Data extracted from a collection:
##############################

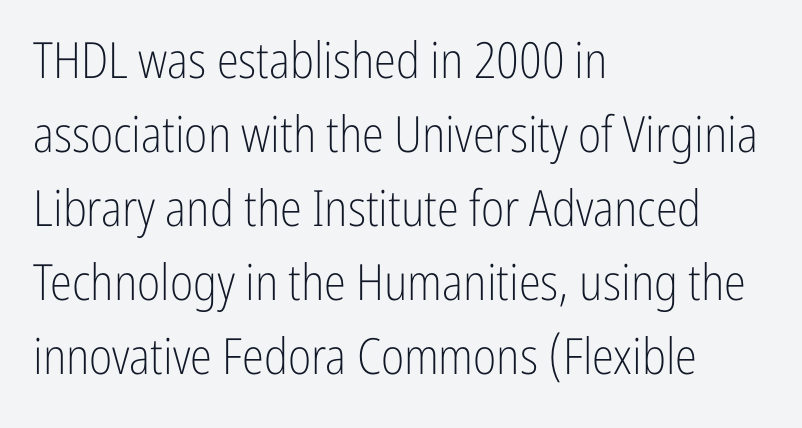
The image shows 50 px light, condensed sans-serif type, upright; set left-aligned, normal line spacing (1.48x), normal letter spacing, not underlined; low stroke contrast and a medium x-height.
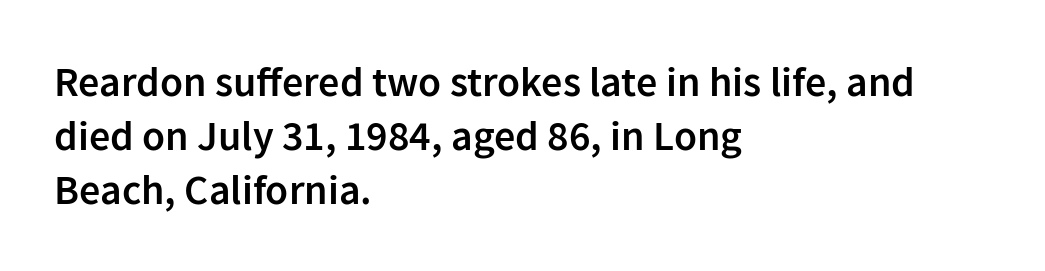
The image shows 42 px semibold sans-serif type, upright; set left-aligned, normal line spacing (1.29x), normal letter spacing, not underlined; low stroke contrast and a medium x-height.
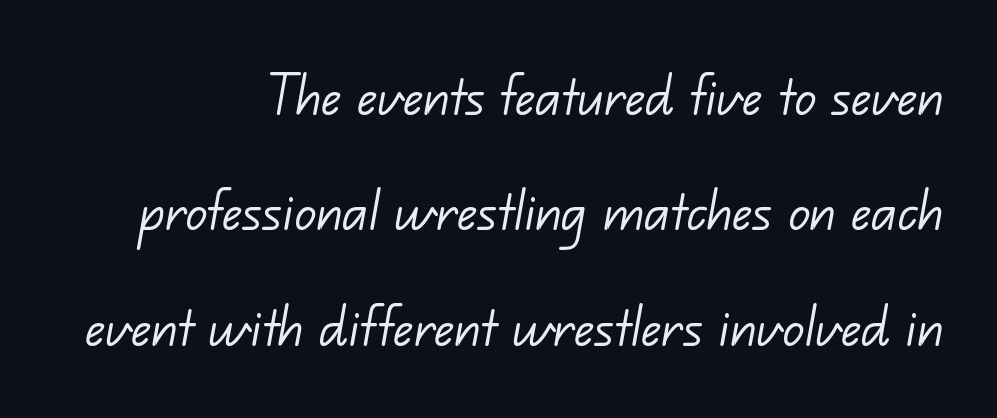
Q: Is the text bold? A: No.
Q: Is the typeface a serif or a sans-serif typeface? A: Sans-serif.
Q: Is the text underlined? A: No.
Q: How is the paragraph aligned? A: Right-aligned.
Q: Is the spacing between letters normal or unusually wide? A: Normal.
Q: Width (condensed, normal, or wide)? A: Normal.
Q: Stroke contrast? A: Low.
Q: x-height? A: Small.
Q: Monospaced? A: No.
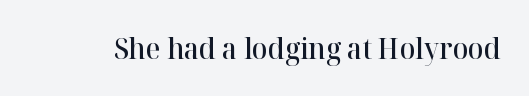
Q: Is the text bold? A: Semi-bold.
Q: Is the text italic (slanted)? A: No, it is upright.
Q: Is the typeface a serif or a sans-serif typeface? A: Serif.
Q: Is the text underlined? A: No.
Q: Is the spacing between letters normal or unusually wide? A: Normal.
Q: Width (condensed, normal, or wide)? A: Normal.
Q: Stroke contrast? A: High.
Q: x-height? A: Medium.
Q: Monospaced? A: No.
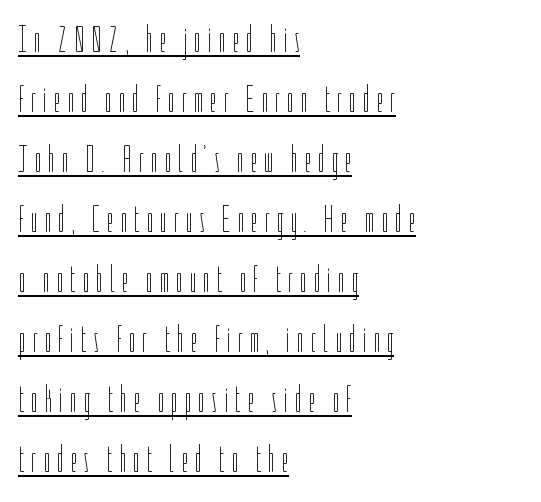
Emphasis is given by a line drawn under the lettering. Heaviness? Minimal to ordinary, like unemphasized prose. Nope, not italic — everything's standing straight. This sample has the flowing, uneven cadence of proportional lettering. How would I describe the line gaps? Plain and ordinary.
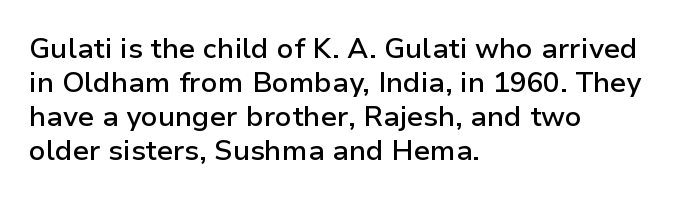
{"serif": "no", "italic": "no", "bold": "semi", "weight": "semibold", "width": "normal", "stroke_contrast": "low", "x_height": "medium", "monospaced": "no", "underline": "no", "align": "left", "line_spacing_ratio": 1.22, "letter_spacing": "normal", "letter_spacing_em": 0.0, "glyph_px": 28}
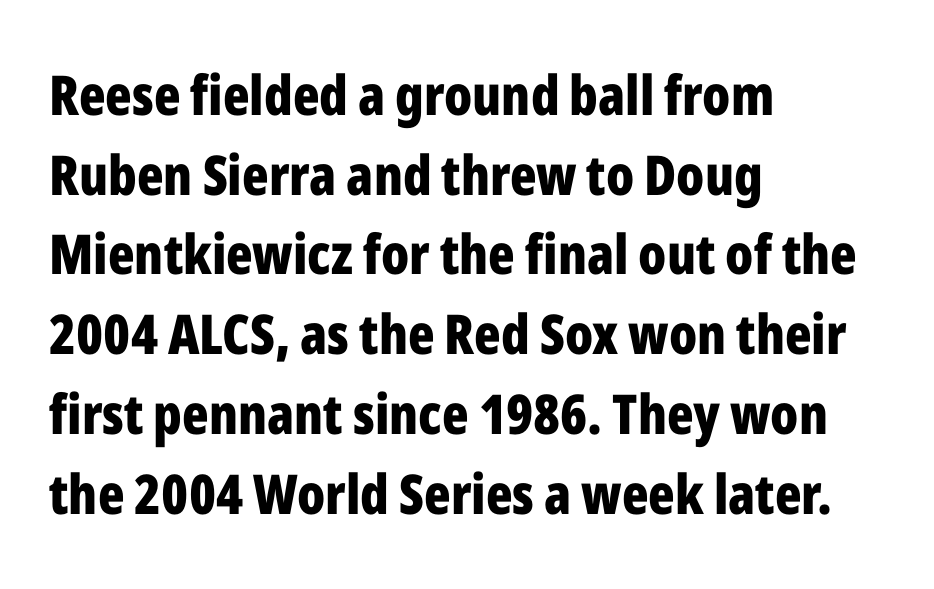
The lettering holds an erect, upright posture throughout. Line beginnings align vertically; line endings do not. One glance says typical: line gaps are just what's usual. Students, this is bold: see how much ink each stroke carries.
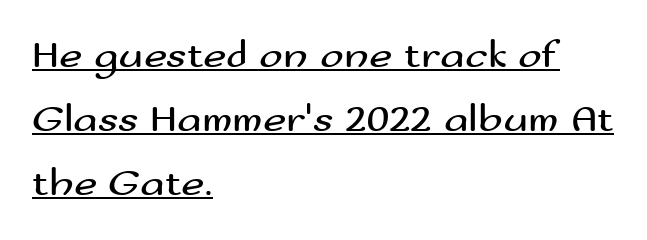
The image shows 40 px regular-weight, wide sans-serif type, upright; set left-aligned, normal line spacing (1.6x), normal letter spacing, underlined; medium stroke contrast and a small x-height.
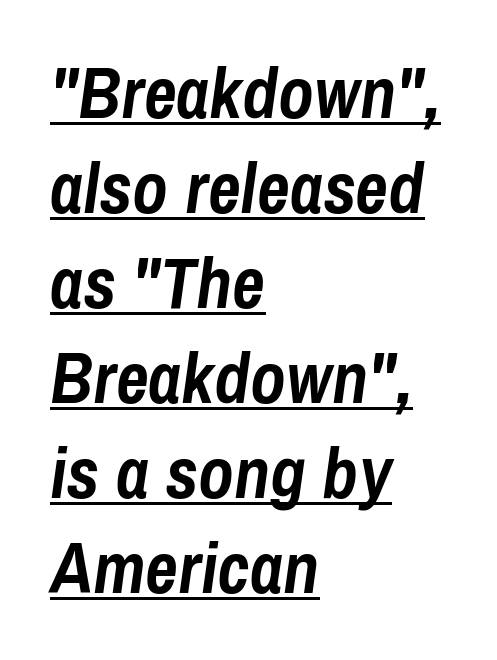
{"italic": "yes", "lean": "right", "slant_degrees": 8, "bold": "yes", "weight": "semibold", "width": "condensed", "stroke_contrast": "low", "x_height": "medium", "monospaced": "no", "underline": "yes", "align": "left", "line_spacing": "normal", "line_spacing_ratio": 1.32, "letter_spacing": "normal", "letter_spacing_em": 0.0, "glyph_px": 72}
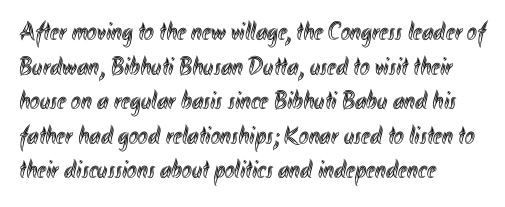
{"underline": "no", "align": "left", "line_spacing": "normal", "line_spacing_ratio": 1.33, "letter_spacing": "normal", "letter_spacing_em": 0.0, "glyph_px": 26}
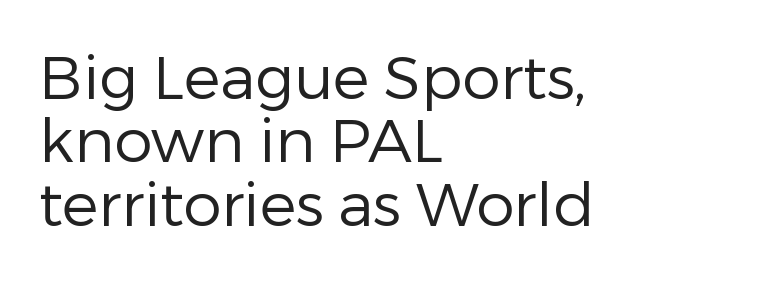
The image shows 61 px regular-weight sans-serif type, upright; set left-aligned, tight line spacing (1.04x), normal letter spacing, not underlined; low stroke contrast and a medium x-height.
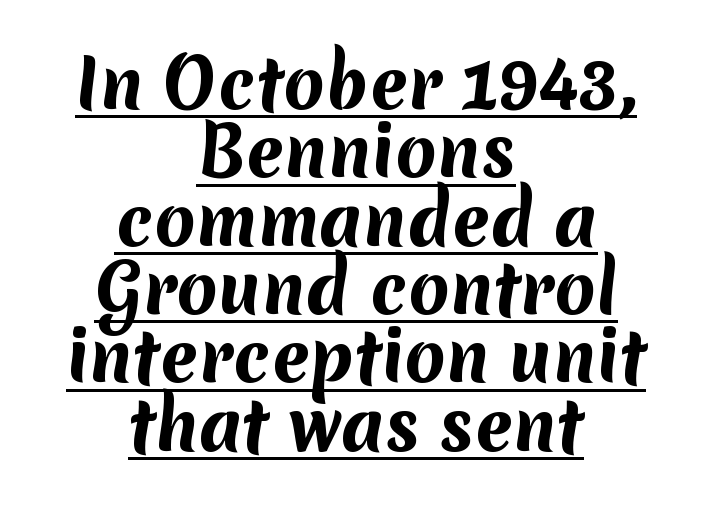
Each glyph is drawn with heavy, bold strokes. Here the designer chose a conventional face with non-uniform glyph widths. The leading is snug, giving the passage a crowded texture. The whitespace from short lines is split evenly between both sides. Are there feet on the stems? There aren't — it's a sans.
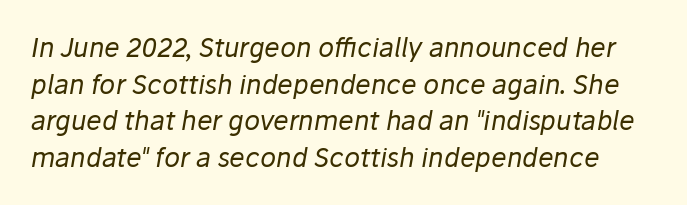
Clear beneath every line of the passage. In terms of posture, this sample is oblique. Think standard paragraph weight, or any step lighter than that. Regarding leading, the lines here are spaced in the standard way. Spacing between characters is what you'd get straight out of the box.
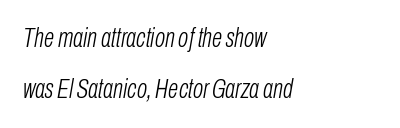
The image shows 27 px text type, italic (leaning right); set left-aligned, loose line spacing (1.9x), normal letter spacing, not underlined.
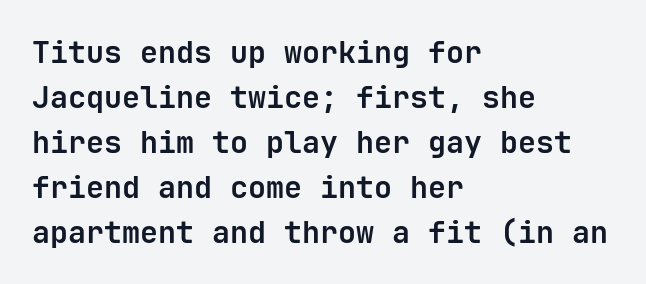
{"serif": "no", "italic": "no", "bold": "yes", "weight": "bold", "width": "normal", "stroke_contrast": "low", "x_height": "medium", "monospaced": "yes", "underline": "no", "align": "left", "line_spacing": "normal", "line_spacing_ratio": 1.5, "letter_spacing": "normal", "letter_spacing_em": 0.0, "glyph_px": 30}
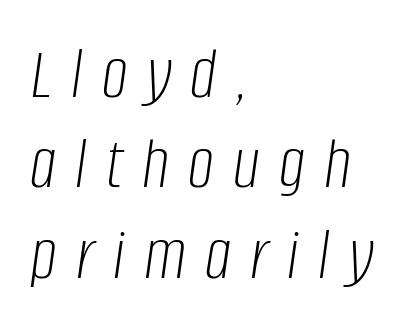
Unbolded letterforms with no extra heft. Alignment: flush left. A bare baseline throughout the passage. You can tell it's italic because the verticals aren't actually vertical. This rendering widens character spacing well past its baseline value. The passage shown is typed in a proportional face where columns would drift.
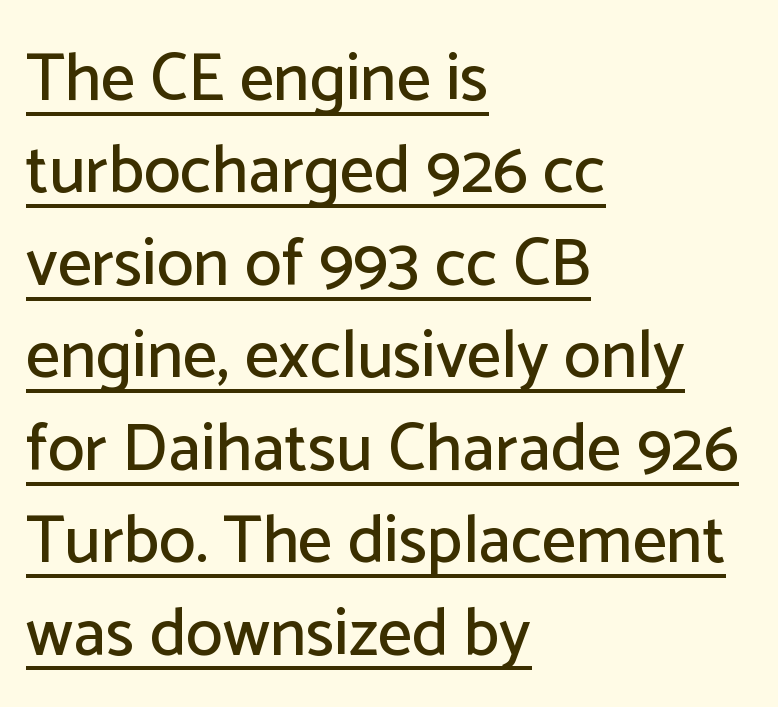
The image shows 67 px sans-serif type, upright; set left-aligned, normal line spacing (1.38x), normal letter spacing, underlined; low stroke contrast and a medium x-height.

##############################

ACTION ITEM.
Quote the records above exactly, from the first line through the line containing "Q: Is the text bold? A: No.", and leave out the pictures.

YOUR RESPONSE.
The image shows 50 px light, condensed sans-serif type, upright; set left-aligned, normal line spacing (1.48x), normal letter spacing, not underlined; low stroke contrast and a medium x-height.
The image shows 42 px semibold sans-serif type, upright; set left-aligned, normal line spacing (1.29x), normal letter spacing, not underlined; low stroke contrast and a medium x-height.
Q: Is the text bold? A: No.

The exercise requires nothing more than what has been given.